[Data records]

* * *

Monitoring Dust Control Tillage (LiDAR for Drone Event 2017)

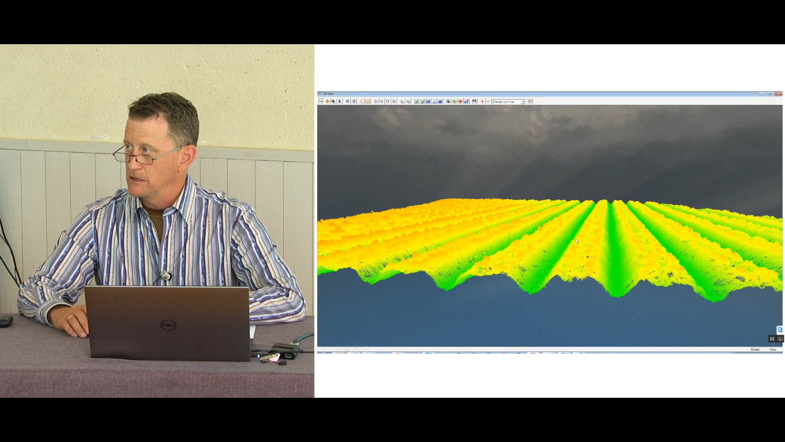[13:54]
Here's a colorized point cloud of what it looked like.
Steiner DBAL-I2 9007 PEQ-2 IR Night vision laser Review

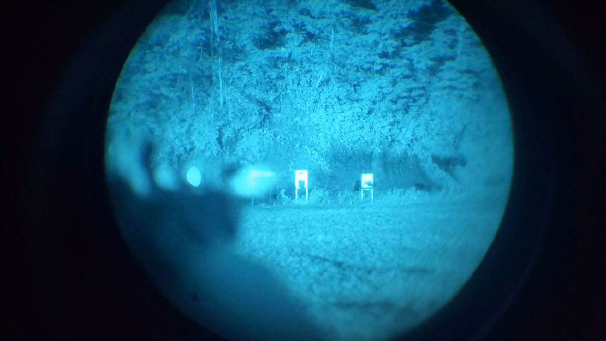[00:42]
one of the main reasons you might want this unit is because of its uh price
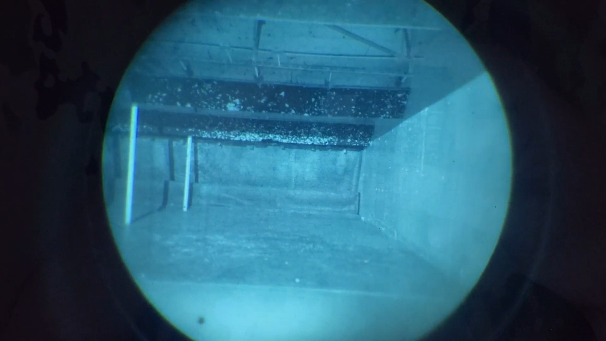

* * *

### WORK TO BE COMPLETED
The records must be restated word for word, apart from any images.

### ANSWER TO THIS TASK
Monitoring Dust Control Tillage (LiDAR for Drone Event 2017)

[13:54]
Here's a colorized point cloud of what it looked like.
Steiner DBAL-I2 9007 PEQ-2 IR Night vision laser Review

[00:42]
one of the main reasons you might want this unit is because of its uh price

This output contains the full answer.